Pemerintah berjanji menyiapkan mekanisme pelaporan terpadu bagi masyarakat yang merasa datanya disalahgunakan. Aplikasi khusus pengaduan pelanggaran data pribadi sedang dikembangkan oleh Kementerian Kominfo dan direncanakan diluncurkan pada awal 2026.

Menkominfo Budi Arie Setiadi menegaskan bahwa fokus pemerintah bukan hanya pada sanksi, tapi juga pencegahan.

“Kita ingin menanamkan budaya privasi di semua lini, bukan sekadar menakut-nakuti pelaku usaha. Kesadaran adalah benteng pertama perlindungan data,” ujarnya dalam rapat kerja, 28 Mei 2024.

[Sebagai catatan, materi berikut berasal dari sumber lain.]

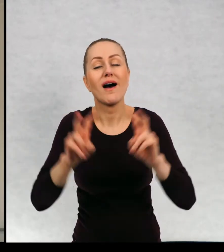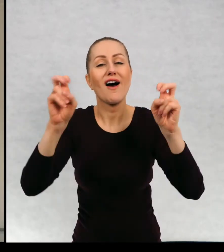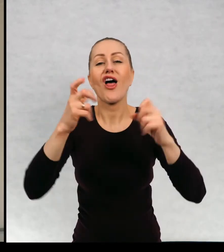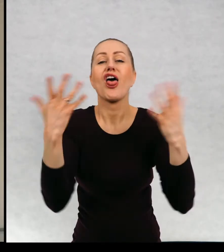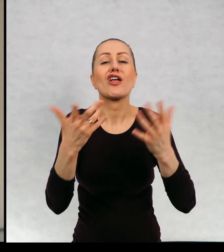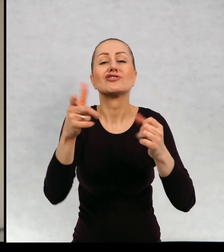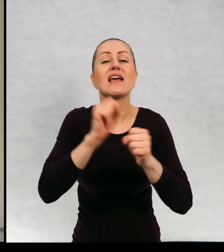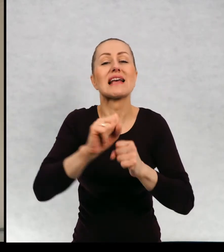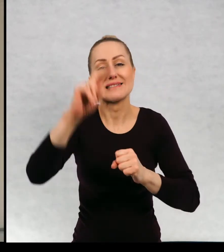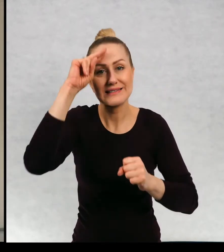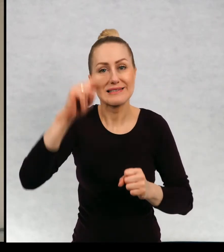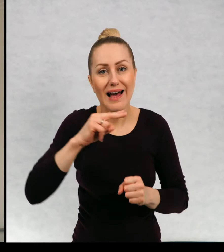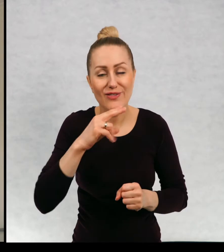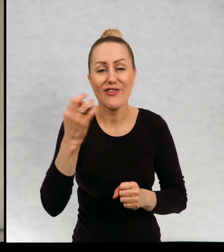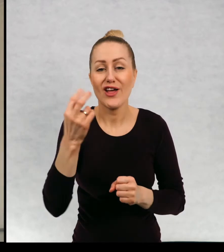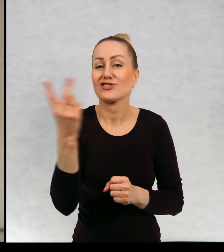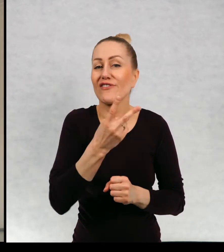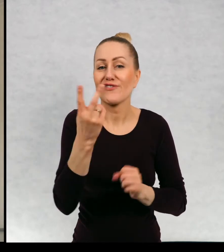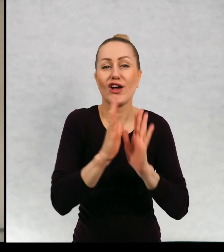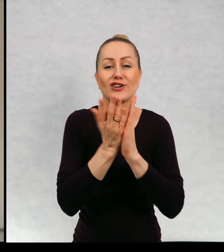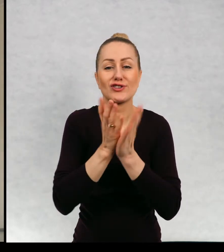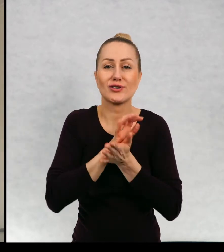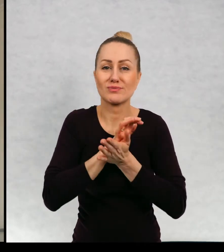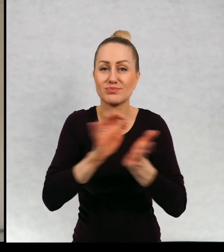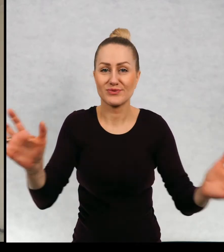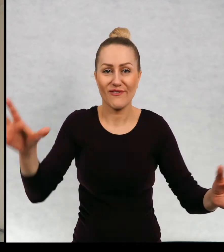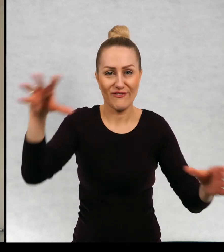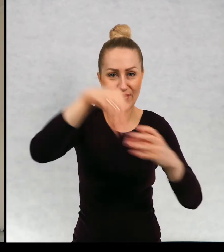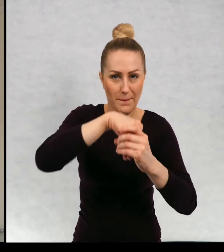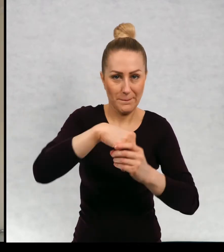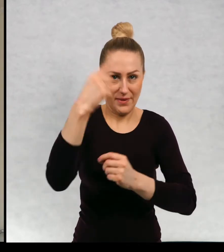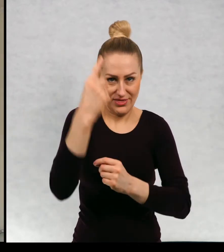Teraz te dwie części są wydane razem w jednej książce.
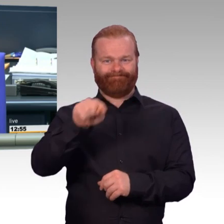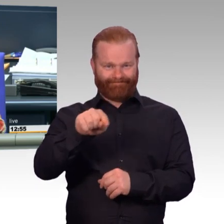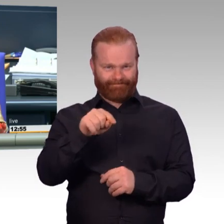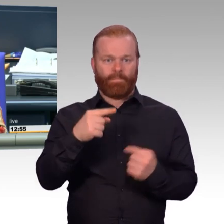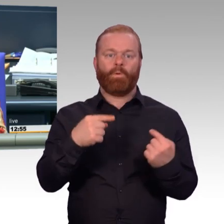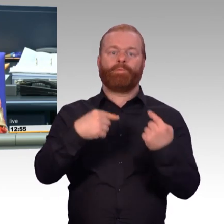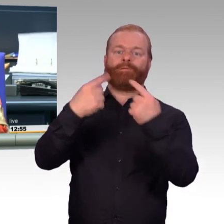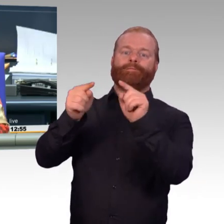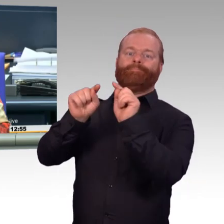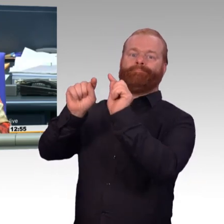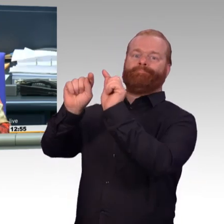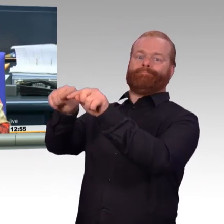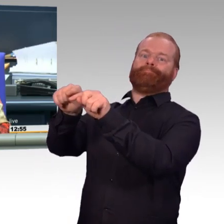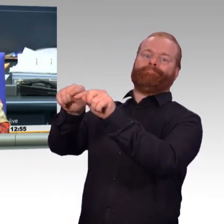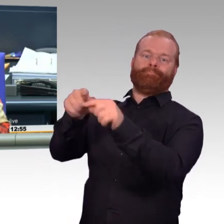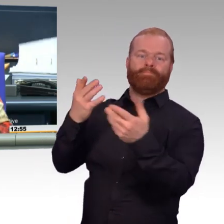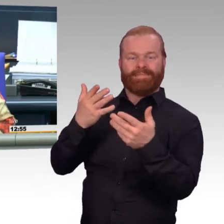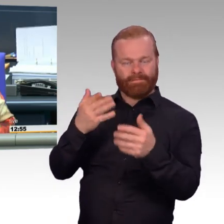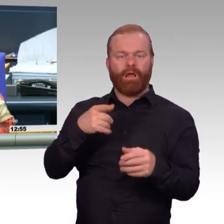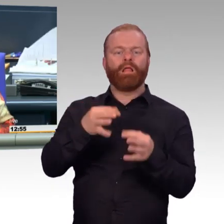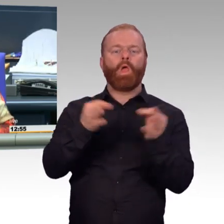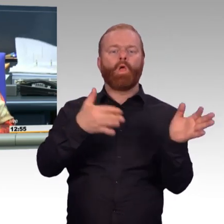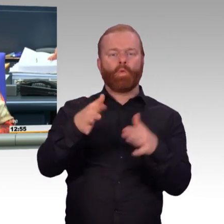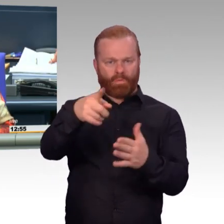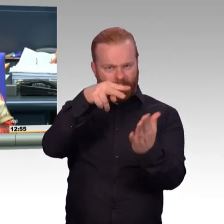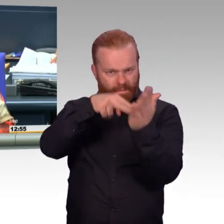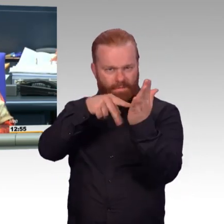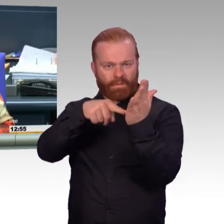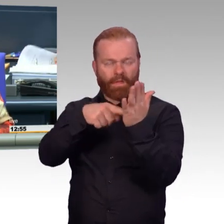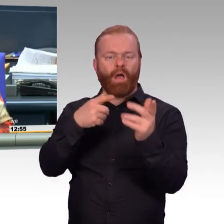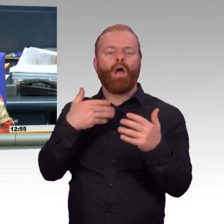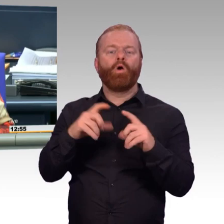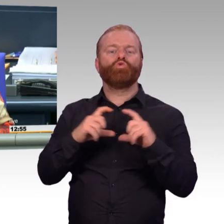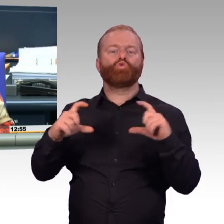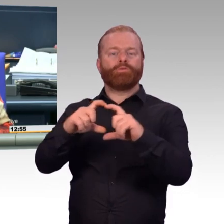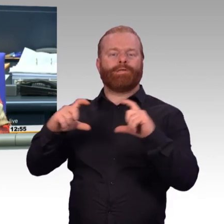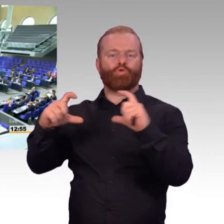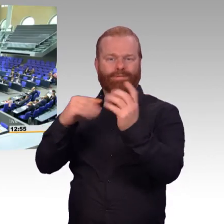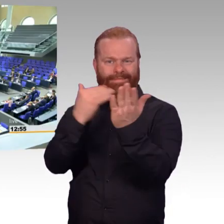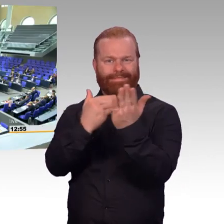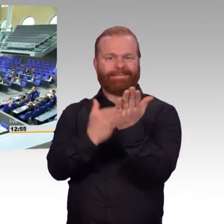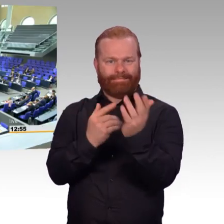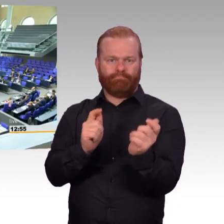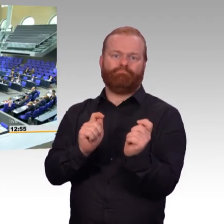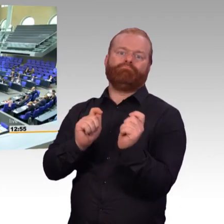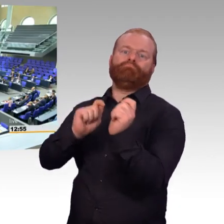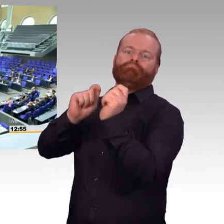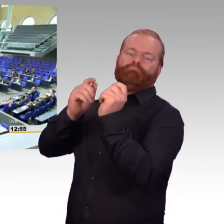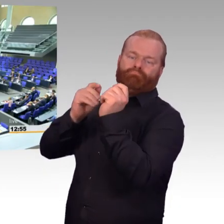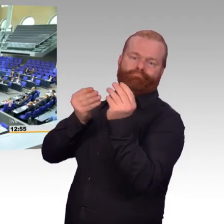Dann sind die Überweisungen so beschlossen. Und jetzt bitte ich die Kolleginnen und Kollegen, was Sie schon tun, das schleunigst zu tun,

Di sisi lain, masyarakat diimbau untuk lebih berhati-hati membagikan data pribadi di internet, terutama melalui platform media sosial atau aplikasi yang belum jelas reputasinya. Kesadaran pengguna menjadi unsur vital dalam menegakkan prinsip perlindungan data digital.

Dua tahun setelah disahkan, UU Perlindungan Data Pribadi kini resmi menjadi dasar hukum utama bagi kedaulatan digital Indonesia. Dengan sanksi yang tegas dan pengawasan yang lebih terarah, regulasi ini diharapkan mampu menekan penyalahgunaan data serta memperkuat kepercayaan publik terhadap ekosistem digital.

Namun, sebagaimana diingatkan para ahli, hukum ini bukanlah akhir, melainkan awal dari perjalanan panjang membangun tata kelola data yang transparan, adil, dan aman bagi seluruh warga negara.

“UU PDP akan sukses jika kita menegakkannya bersama—negara, pelaku usaha, dan masyarakat,” kata Prof. Sinta Dewi dalam forum akademik di Bandung, Februari 2025.